4.3 Preparation of Mn(HO3PFc)2·3 H2O
Ferrocenylphosphonic acid (0.15 g, 0.56 mmol) was dissolved in 35 ml of water. The pH was adjusted to 3.5 by addition of NaOH 1 M. Mn(NO3)2·4 H2O (0.08 g, 0.32 mmol) was added to the solution without stirring. After 5 days at room temperature, the yellow precipitate was filtered, washed with methanol and ether, and dried under vacuum leading to 95 mg (0.15 mmol) of Mn(HO3PFc)2·3H2O (53% yield). Anal. Calc. for MnP2Fe2C20H26O9: Mn, 8.60%; P, 9.71%; Fe, 17.49%; C, 37.58%; H, 4.07%; found: Mn, 8.46%; P, 9.58%; Fe, 17.62%; C, 38.56%; H, 3.60%.
4.4 Preparation of Mn(O3PFc)·2 H2O
Ferrocenylphosphonic acid (0.10 g, 0.38 mmol) was dissolved in 28 ml of water. The pH was adjusted to 11 by addition of NaOH 1 M. Mn(NO3)2·4 H2O (0.09 g, 0.36 mmol) was added to the solution without stirring.

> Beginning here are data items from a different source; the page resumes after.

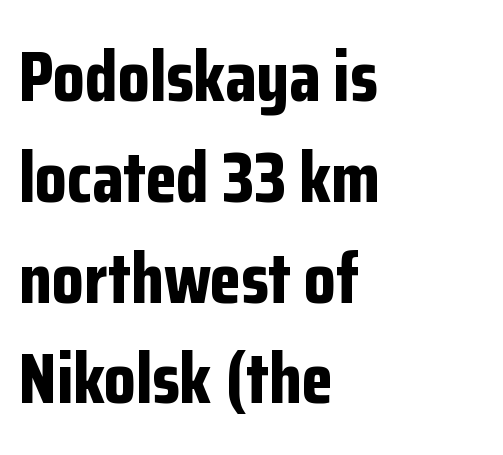
The passage shown is not underscored anywhere. Visually the block forms a straight wall on the left and a jagged coastline on the right. What stands out about the letter spacing? Nothing — it is the standard amount. This is sans-serif lettering, the kind often seen on screens and signage. This sample keeps an unexceptional amount of space between lines. On the weight axis this lands at bold, roughly 700.
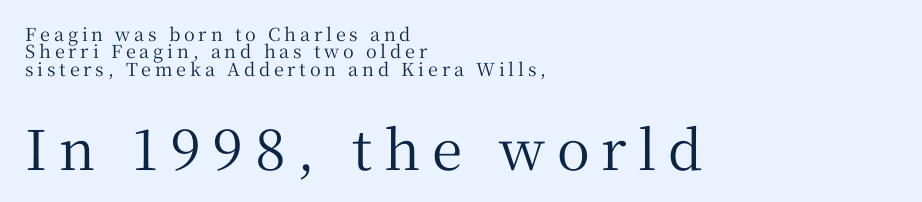
The typography opts for an upright posture over an oblique one. The rendering shows small feet on the letterforms — a serif design. Alignment: flush left. The face used here is rendered with a markedly widened letterfit. The rendering enlarges the type as you move from the upper chunk to the lower.
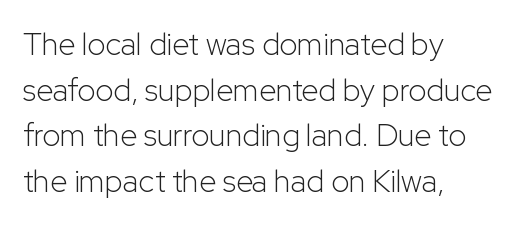
{"serif": "no", "italic": "no", "bold": "no", "weight": "light", "width": "normal", "stroke_contrast": "low", "x_height": "medium", "monospaced": "no", "underline": "no", "align": "left", "line_spacing": "normal", "line_spacing_ratio": 1.47, "letter_spacing": "normal", "letter_spacing_em": 0.0, "glyph_px": 31}
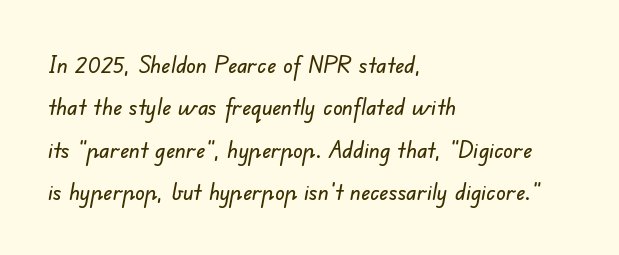
Q: Is the text underlined? A: No.
Q: How is the paragraph aligned? A: Left-aligned.
Q: Is the spacing between letters normal or unusually wide? A: Normal.
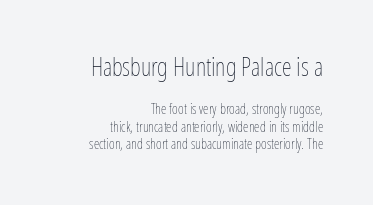
The image shows 25 px text type, upright; set right-aligned, line spacing 1.22x, normal letter spacing, not underlined; the first (top) block is 1.79x larger.
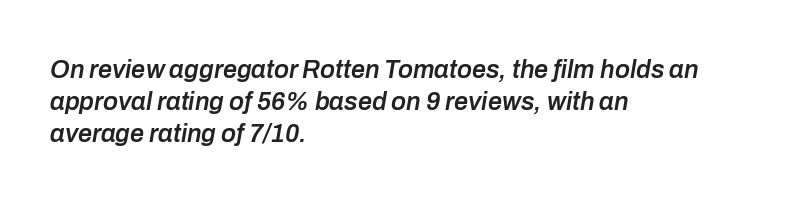
Q: Is the text bold? A: Semi-bold.
Q: Is the text italic (slanted)? A: Yes, it leans right by about 10 degrees.
Q: Is the text underlined? A: No.
Q: How is the paragraph aligned? A: Left-aligned.
Q: Is the spacing between letters normal or unusually wide? A: Normal.
Q: Is the spacing between lines tight, normal or loose? A: Normal.
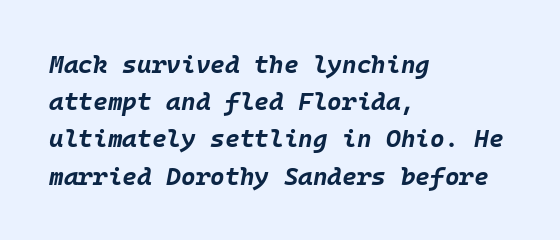
Yep, that's italic — everything's leaning. These words are printed bold, with thick strokes throughout. Where is the straight margin? On the left. There is no visible air inserted between adjacent glyphs. This block has exactly the height ordinary leading produces.
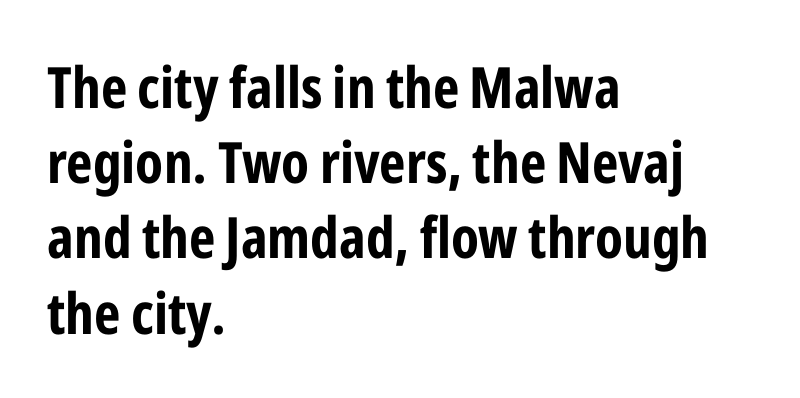
Does the lettering tilt? It doesn't — this is upright. Bold? Absolutely — the strokes are thick and heavy. Letterform terminals end flat and unadorned throughout the passage. These lines keep a tight, regular rhythm from letter to letter. Looks like regular typesetting: each glyph gets only the width it needs.
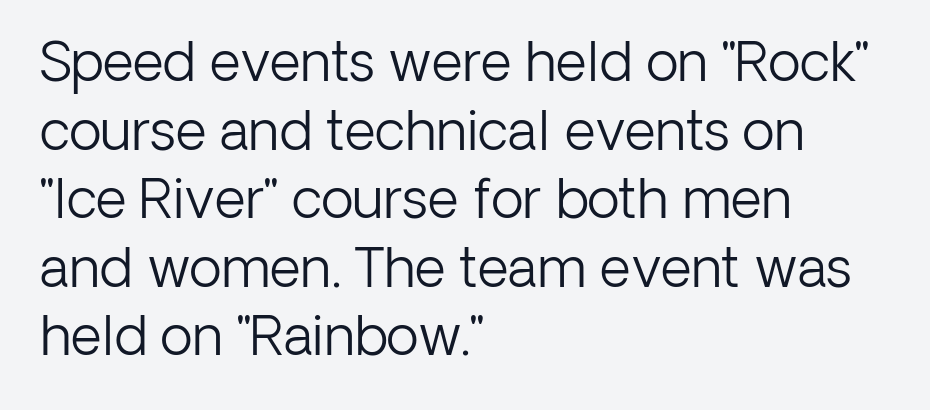
{"serif": "no", "italic": "no", "bold": "no", "weight": "light", "width": "normal", "stroke_contrast": "low", "x_height": "medium", "monospaced": "no", "underline": "no", "align": "left", "line_spacing": "normal", "line_spacing_ratio": 1.27, "letter_spacing": "normal", "letter_spacing_em": 0.0, "glyph_px": 54}
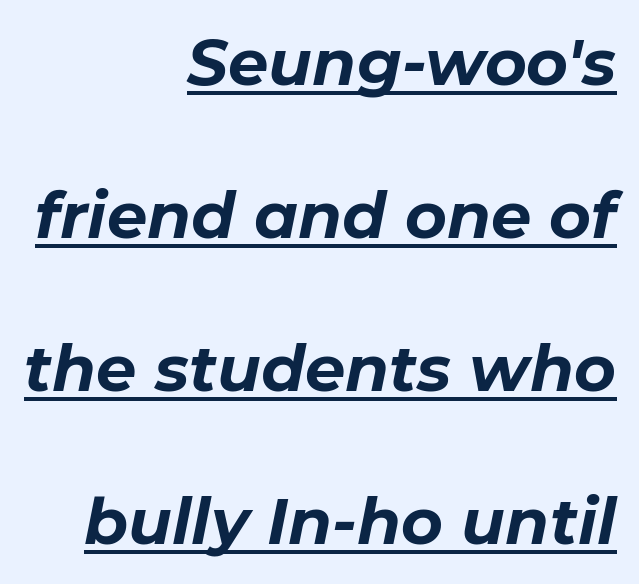
Q: Is the text bold? A: Yes.
Q: Is the text italic (slanted)? A: Yes, it leans right by about 11 degrees.
Q: Is the text underlined? A: Yes.
Q: How is the paragraph aligned? A: Right-aligned.
Q: Is the spacing between letters normal or unusually wide? A: Normal.
Q: Is the spacing between lines tight, normal or loose? A: Loose.
Q: Width (condensed, normal, or wide)? A: Normal.
Q: Stroke contrast? A: Low.
Q: x-height? A: Medium.
Q: Monospaced? A: No.
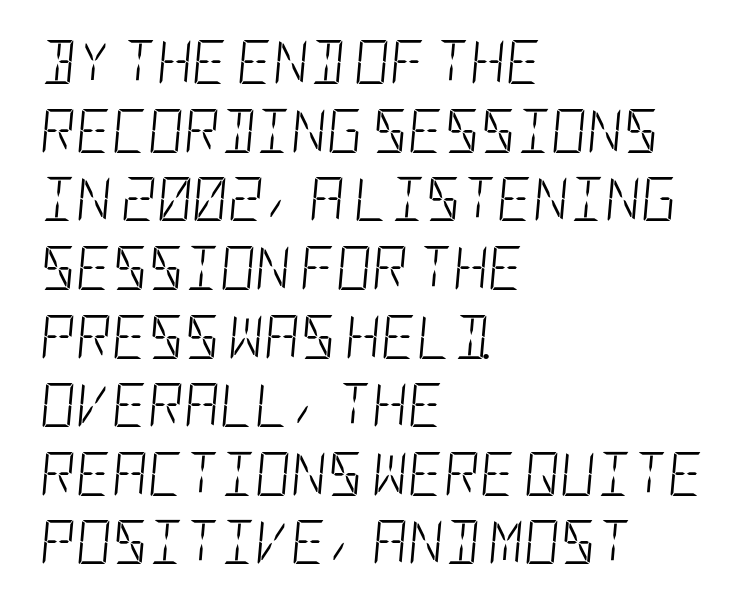
Standard letterfit; no display-style spreading of the glyphs. The rendering applies a slant to the glyphs. Line starts are locked; line ends wander. Reading down the column, the eye jumps a familiar distance to each next line. Counters stay open thanks to moderate or lighter strokes. Descender tails drop into unmarked territory.
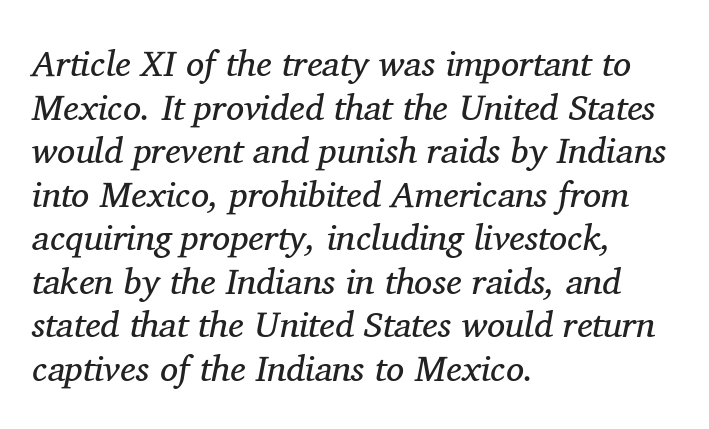
Decoration check: the copy has no underline. Where is the straight margin? On the left. Looks like regular typesetting: each glyph gets only the width it needs. The typeface chosen for these lines features serifs. The letters look calm and open, with moderate or lighter stems. Every character sits at an angle, as italics do.
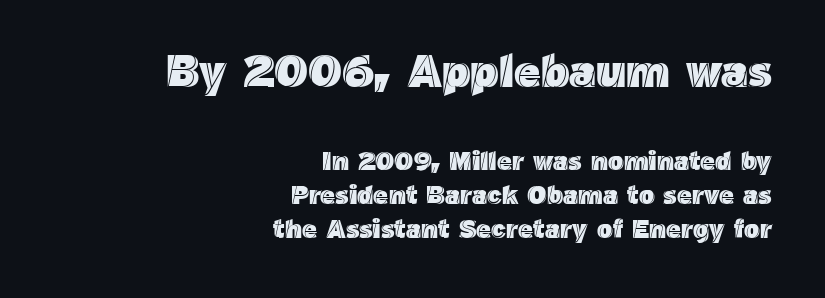
Q: Is the text italic (slanted)? A: No, it is upright.
Q: Is the text underlined? A: No.
Q: How is the paragraph aligned? A: Right-aligned.
Q: Is the spacing between letters normal or unusually wide? A: Normal.
Q: Is the spacing between lines tight, normal or loose? A: Normal.
Q: Which block of text is set in a larger size, the first (top) or the second (bottom)? A: The first (top) one.
Q: Width (condensed, normal, or wide)? A: Normal.
Q: x-height? A: Medium.
Q: Monospaced? A: No.
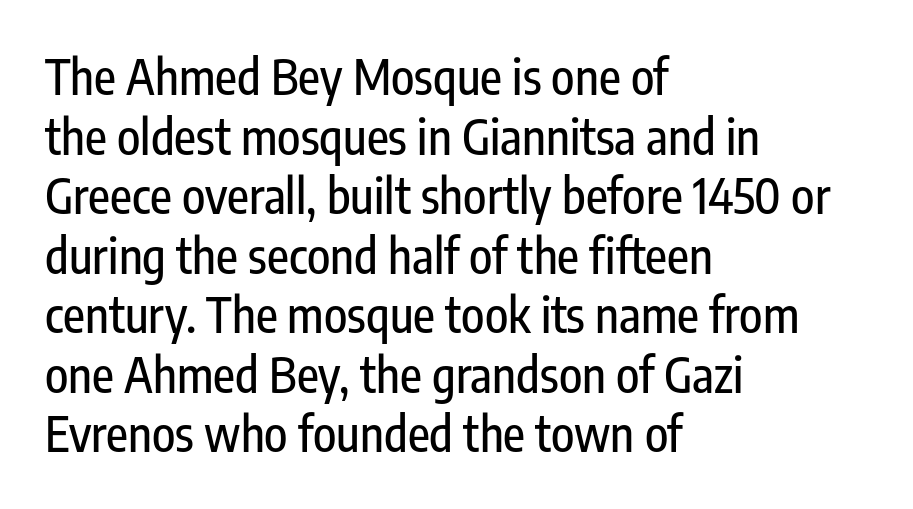
Q: Is the text italic (slanted)? A: No, it is upright.
Q: Is the typeface a serif or a sans-serif typeface? A: Sans-serif.
Q: Is the text underlined? A: No.
Q: How is the paragraph aligned? A: Left-aligned.
Q: Is the spacing between letters normal or unusually wide? A: Normal.
Q: Width (condensed, normal, or wide)? A: Condensed.
Q: Stroke contrast? A: Low.
Q: x-height? A: Medium.
Q: Monospaced? A: No.
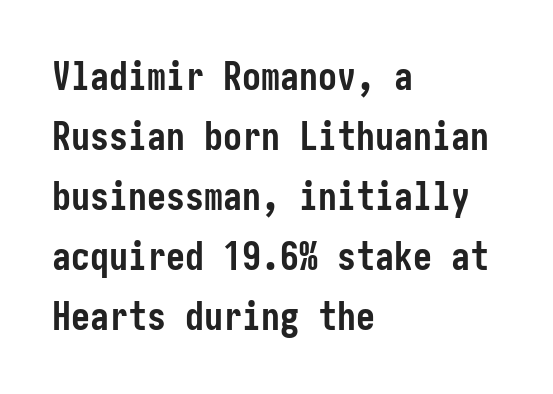
{"serif": "no", "italic": "no", "bold": "yes", "weight": "semibold", "width": "condensed", "stroke_contrast": "low", "x_height": "medium", "underline": "no", "align": "left", "line_spacing": "normal", "line_spacing_ratio": 1.58, "letter_spacing": "normal", "letter_spacing_em": 0.0, "glyph_px": 38}
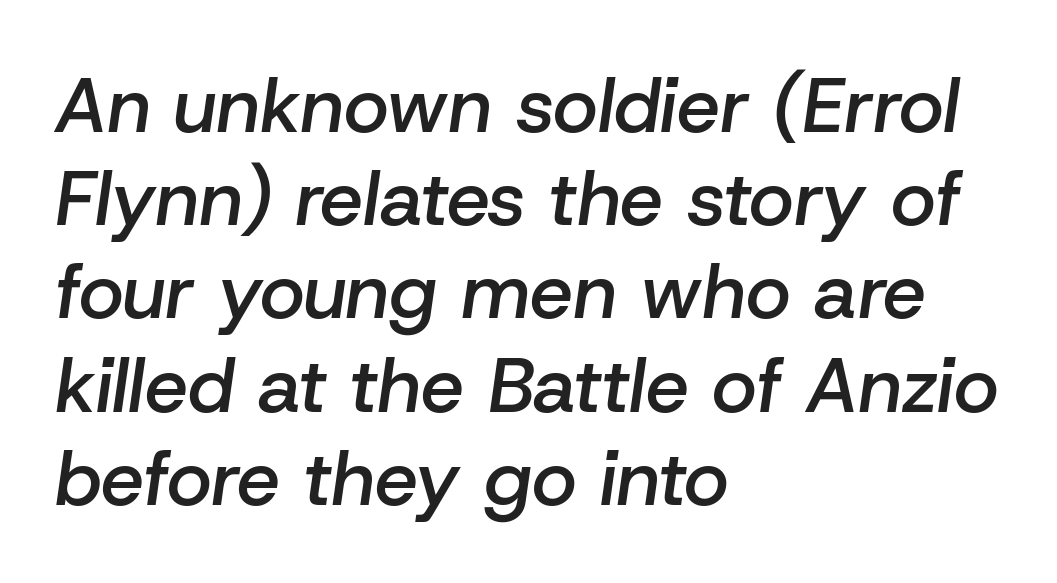
Observe the ordinary spacing: letters are neighbours, not strangers. Descender tails drop into unmarked territory. Left-aligned paragraph, ragged on the right. A somewhat darkened texture: the type is semibold rather than bold.
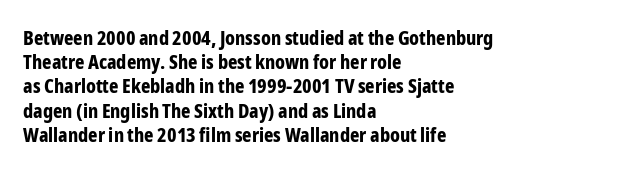
Descenders hang freely into open space. The paragraph has a hard left edge and a soft right edge. It's the straight-up-and-down kind of type. Observe the ordinary spacing: letters are neighbours, not strangers. Weight check: bold — yes, fully.
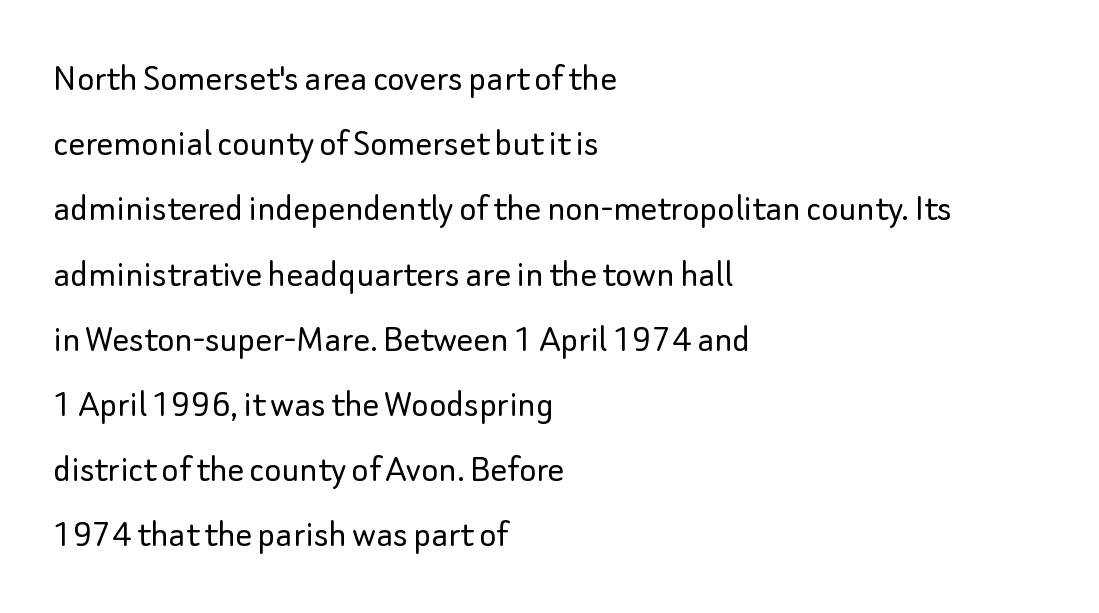
Q: Is the text bold? A: No.
Q: Is the text italic (slanted)? A: No, it is upright.
Q: Is the typeface a serif or a sans-serif typeface? A: Sans-serif.
Q: Is the text underlined? A: No.
Q: How is the paragraph aligned? A: Left-aligned.
Q: Is the spacing between letters normal or unusually wide? A: Normal.
Q: Is the spacing between lines tight, normal or loose? A: Normal.
Q: Width (condensed, normal, or wide)? A: Normal.
Q: Stroke contrast? A: Low.
Q: x-height? A: Small.
Q: Monospaced? A: No.
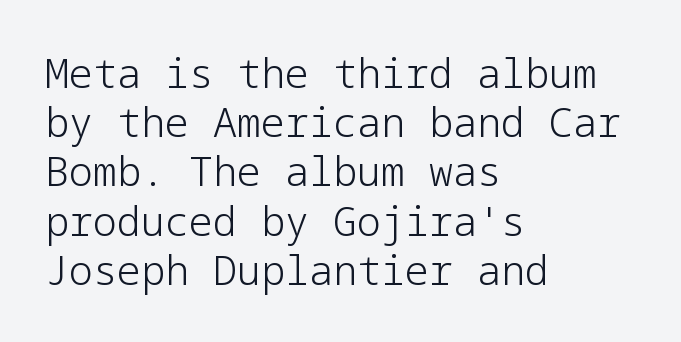
{"serif": "no", "italic": "no", "bold": "no", "weight": "light", "width": "normal", "stroke_contrast": "low", "x_height": "medium", "underline": "no", "align": "left", "line_spacing_ratio": 1.23, "letter_spacing": "normal", "letter_spacing_em": 0.0, "glyph_px": 40}
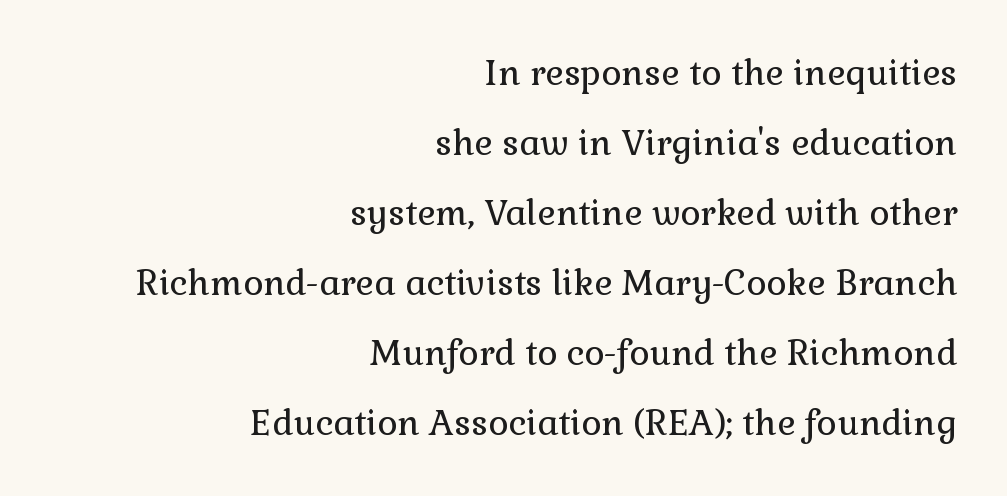
Q: Is the text bold? A: No.
Q: Is the text italic (slanted)? A: No, it is upright.
Q: Is the typeface a serif or a sans-serif typeface? A: Serif.
Q: Is the text underlined? A: No.
Q: How is the paragraph aligned? A: Right-aligned.
Q: Is the spacing between letters normal or unusually wide? A: Normal.
Q: Is the spacing between lines tight, normal or loose? A: Loose.
Q: Width (condensed, normal, or wide)? A: Normal.
Q: Stroke contrast? A: Low.
Q: x-height? A: Medium.
Q: Monospaced? A: No.
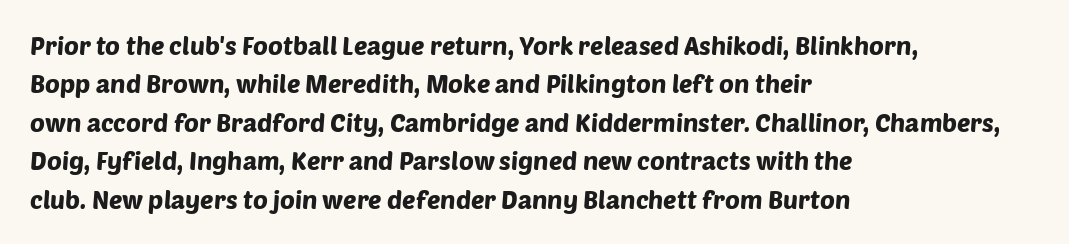
A student would call this left alignment; a typographer would say flush left, rag right. The space beneath each line is pristine and unruled. The gaps between neighbouring characters are ordinary and unremarkable. The designer left line spacing at the default.
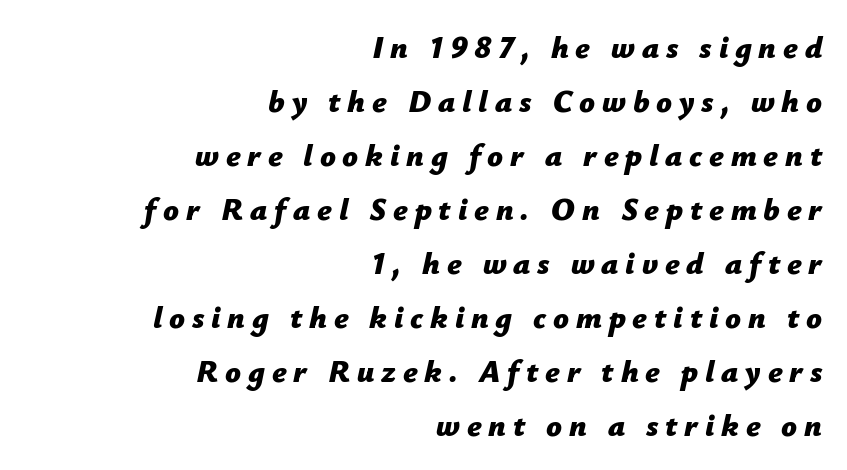
Q: Is the text bold? A: Yes.
Q: Is the text italic (slanted)? A: Yes, it leans right by about 12 degrees.
Q: Is the text underlined? A: No.
Q: How is the paragraph aligned? A: Right-aligned.
Q: Is the spacing between letters normal or unusually wide? A: Unusually wide.
Q: Width (condensed, normal, or wide)? A: Normal.
Q: Stroke contrast? A: Low.
Q: x-height? A: Medium.
Q: Monospaced? A: No.
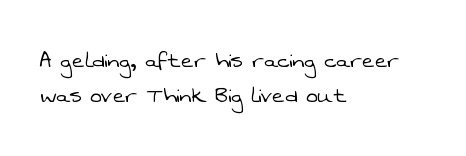
{"bold": "no", "underline": "no", "align": "left", "line_spacing": "normal", "line_spacing_ratio": 1.28, "letter_spacing": "normal", "letter_spacing_em": 0.0, "glyph_px": 27}
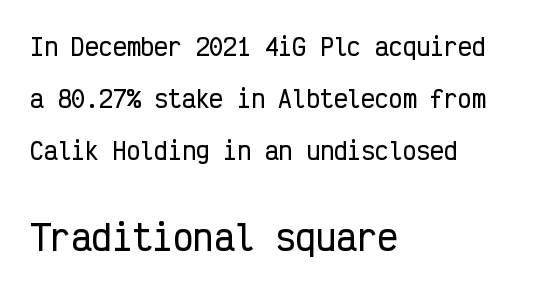
Each row of text sits above clean, open space. Scale increases going downward across the two blocks. Letterform terminals end flat and unadorned throughout the passage. Line starts are locked; line ends wander.
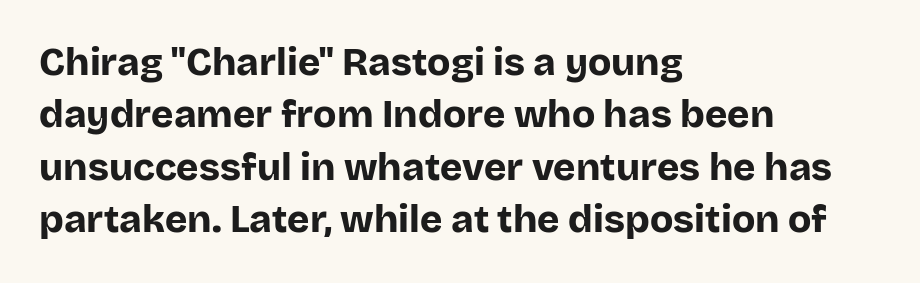
In terms of letterform style, serifs are entirely absent. You could not count columns in this text — the font is proportionally spaced. Ordinary non-slanted type is in use. Bold? Absolutely — the strokes are thick and heavy. The paragraph has a hard left edge and a soft right edge.

After 5 days at room temperature, the yellow precipitate was filtered, washed with methanol and ether, and dried under vacuum leading to 86 mg (0.24 mmol) of Mn(O3PFc)·2 H2O (67% yield). Anal. Calc. for MnPFeC10H13O5: Mn, 15.48%; P, 8.73%; Fe, 15.74%; C, 33.88%; H, 3.66%; found: Mn, 15.11%; P, 8.68%; Fe, 15.57%; C, 33.90%; H, 3.83%.